Il direttore artistico di Li. Ber: “Sarebbe dovuto ritornare a Molte Fedi dove aveva già partecipato alla prima edizione”

Sono trascorsi dodici anni dalla notte tra il 28 e il 29 luglio 2013, in cui si sono perse le tracce di Padre Paolo Dall’Oglio, gesuita romano rientrato in Siria sfidando il regime di Assad da cui era stato espulso nel giugno 2012.

La sua ultima immagine risale a una manifestazione, tra i giovani inneggianti fra le bandiere della nuova Siria nella città di Raqqa, poi il silenzio, rotto solo da voci incontrollate del ritrovamento del cadavere in qualche fossa comune, ma senza mai prove o testimonianze oggettive.
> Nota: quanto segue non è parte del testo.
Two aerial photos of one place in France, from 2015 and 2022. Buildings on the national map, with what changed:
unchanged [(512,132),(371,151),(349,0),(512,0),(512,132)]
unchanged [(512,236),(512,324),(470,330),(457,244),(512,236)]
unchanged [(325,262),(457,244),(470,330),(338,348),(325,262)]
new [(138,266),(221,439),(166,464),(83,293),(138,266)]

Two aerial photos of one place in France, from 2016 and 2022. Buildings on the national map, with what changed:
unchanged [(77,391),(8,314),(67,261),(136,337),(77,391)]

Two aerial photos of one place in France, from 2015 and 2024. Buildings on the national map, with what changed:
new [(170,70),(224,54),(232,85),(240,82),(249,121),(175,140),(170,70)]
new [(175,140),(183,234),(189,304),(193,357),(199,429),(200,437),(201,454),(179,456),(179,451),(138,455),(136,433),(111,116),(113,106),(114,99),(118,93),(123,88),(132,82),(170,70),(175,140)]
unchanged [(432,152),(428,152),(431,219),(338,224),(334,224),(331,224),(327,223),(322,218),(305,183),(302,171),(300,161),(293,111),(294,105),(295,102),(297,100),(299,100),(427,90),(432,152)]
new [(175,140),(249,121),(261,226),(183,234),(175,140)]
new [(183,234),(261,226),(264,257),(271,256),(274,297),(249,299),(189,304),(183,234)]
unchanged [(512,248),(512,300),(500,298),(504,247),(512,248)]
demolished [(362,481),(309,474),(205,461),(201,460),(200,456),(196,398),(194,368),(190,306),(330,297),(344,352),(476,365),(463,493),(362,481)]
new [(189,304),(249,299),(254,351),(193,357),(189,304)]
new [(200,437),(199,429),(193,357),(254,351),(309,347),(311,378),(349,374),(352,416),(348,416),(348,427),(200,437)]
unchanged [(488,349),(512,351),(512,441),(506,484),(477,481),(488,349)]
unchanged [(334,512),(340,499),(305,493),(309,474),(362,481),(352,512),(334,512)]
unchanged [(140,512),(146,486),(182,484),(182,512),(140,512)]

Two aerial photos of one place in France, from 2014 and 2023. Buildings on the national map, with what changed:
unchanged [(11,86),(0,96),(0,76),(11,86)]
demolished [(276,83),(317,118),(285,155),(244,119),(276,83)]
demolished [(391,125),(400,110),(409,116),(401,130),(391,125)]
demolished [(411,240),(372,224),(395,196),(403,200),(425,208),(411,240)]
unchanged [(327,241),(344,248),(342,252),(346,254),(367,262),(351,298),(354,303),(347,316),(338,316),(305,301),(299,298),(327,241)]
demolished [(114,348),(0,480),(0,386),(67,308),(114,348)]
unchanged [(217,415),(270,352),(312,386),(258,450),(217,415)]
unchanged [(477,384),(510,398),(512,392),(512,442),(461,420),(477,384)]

In occasione dell’anniversario della scomparsa, Daniele Rocchetti, ex presidente delle Acli provinciali di Bergamo e ideatore della rassegna culturale Molte Fedi sotto lo stesso cielo, oggi direttore artistico di Li. Ber (associazione dei Librai Bergamaschi), lo ricorda con un accorato messaggio sui social. In un post su Facebook scrive: “Me lo ricordo bene quel giorno. Con il gruppo che guidavo, ero a Betlemme e mi raggiunse la voce della tua scomparsa. C’eravamo sentiti una decina di giorni prima perchè saresti dovuto ritornare a Molte Fedi dove avevi già partecipato alla prima edizione. Nel frattempo, ero salito a trovarti un paio di volte a Mar Musa, nello splendido monastero appollaiato nel deserto del Nebek, in Siria. ‘Ci rivediamo tra non molto’, mi dicesti al telefono. Paolo carissimo, non so dove tu sia. So che le tue parole di giustizia, riconciliazione delle differenze e di pace resistono nel tempo. E sono attuali sempre di più”.